# The task
Reproduce the listing below in full and exactly; no pictures belong in the copy.

====================

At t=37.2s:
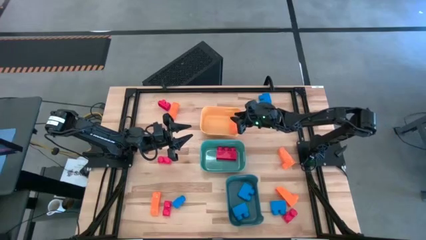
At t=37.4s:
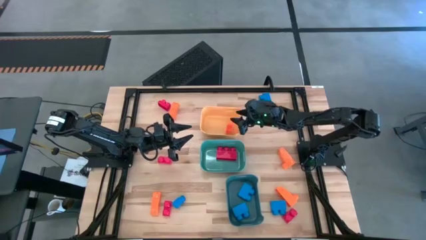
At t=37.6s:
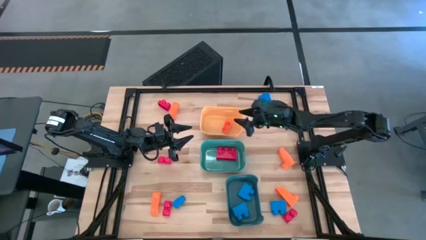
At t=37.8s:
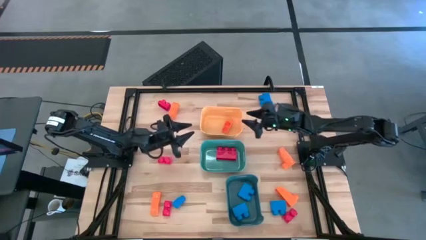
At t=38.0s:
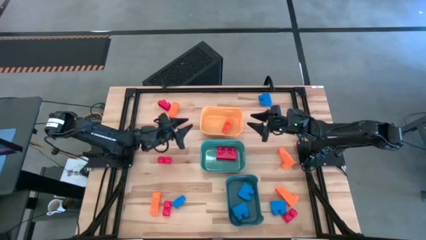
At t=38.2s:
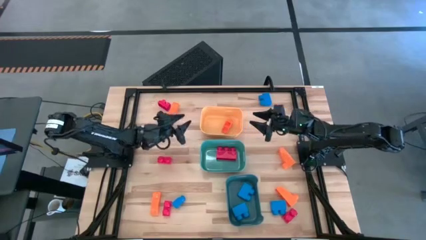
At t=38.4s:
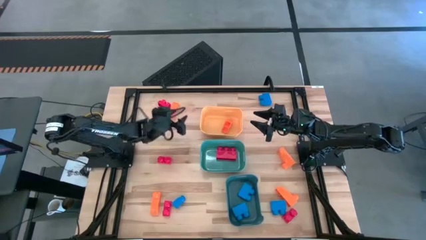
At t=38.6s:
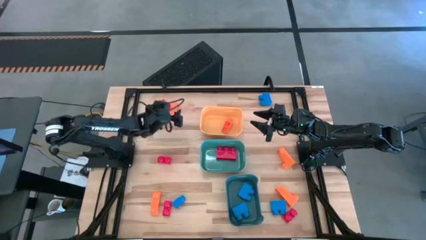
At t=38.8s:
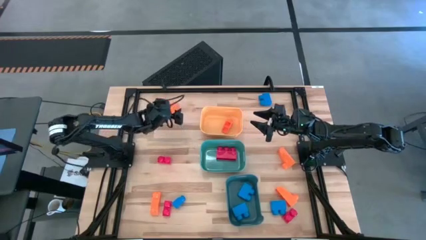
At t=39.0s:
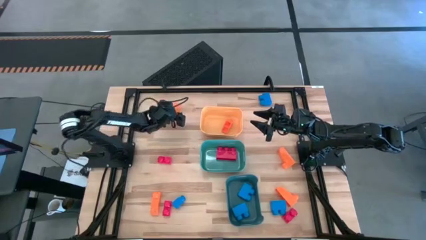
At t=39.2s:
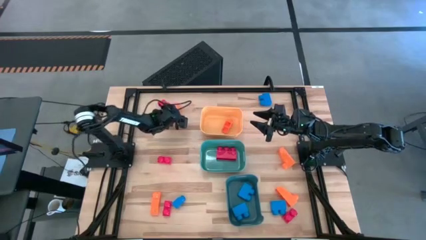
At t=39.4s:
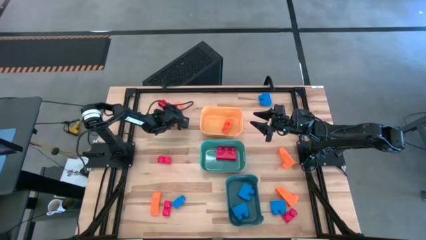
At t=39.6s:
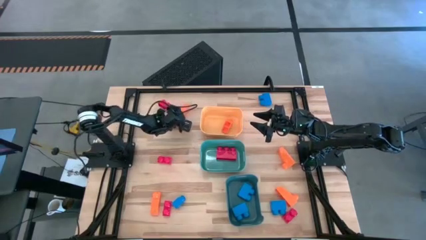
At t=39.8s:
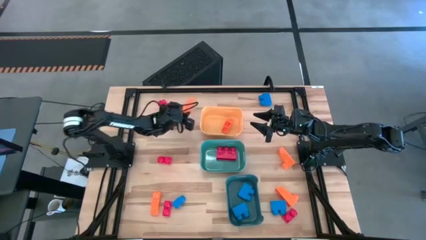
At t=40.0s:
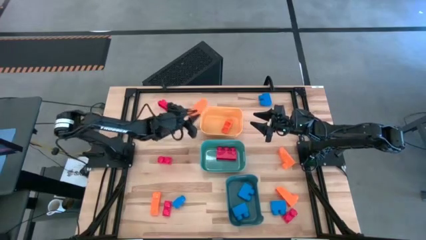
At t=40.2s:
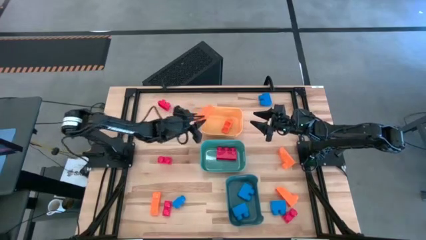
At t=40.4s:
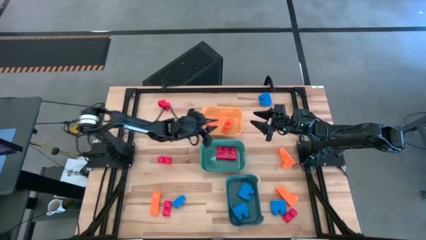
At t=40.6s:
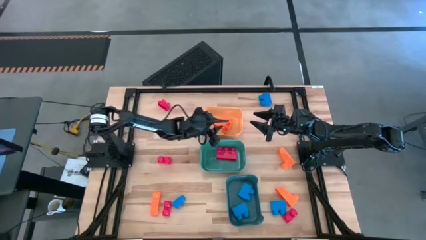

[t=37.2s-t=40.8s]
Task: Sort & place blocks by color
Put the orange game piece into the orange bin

====================

# Result for this task
At t=37.2s:
At t=37.4s:
At t=37.6s:
At t=37.8s:
At t=38.0s:
At t=38.2s:
At t=38.4s:
At t=38.6s:
At t=38.8s:
At t=39.0s:
At t=39.2s:
At t=39.4s:
At t=39.6s:
At t=39.8s:
At t=40.0s:
At t=40.2s:
At t=40.4s:
At t=40.6s:

[t=37.2s-t=40.8s]
Task: Sort & place blocks by color
Put the orange game piece into the orange bin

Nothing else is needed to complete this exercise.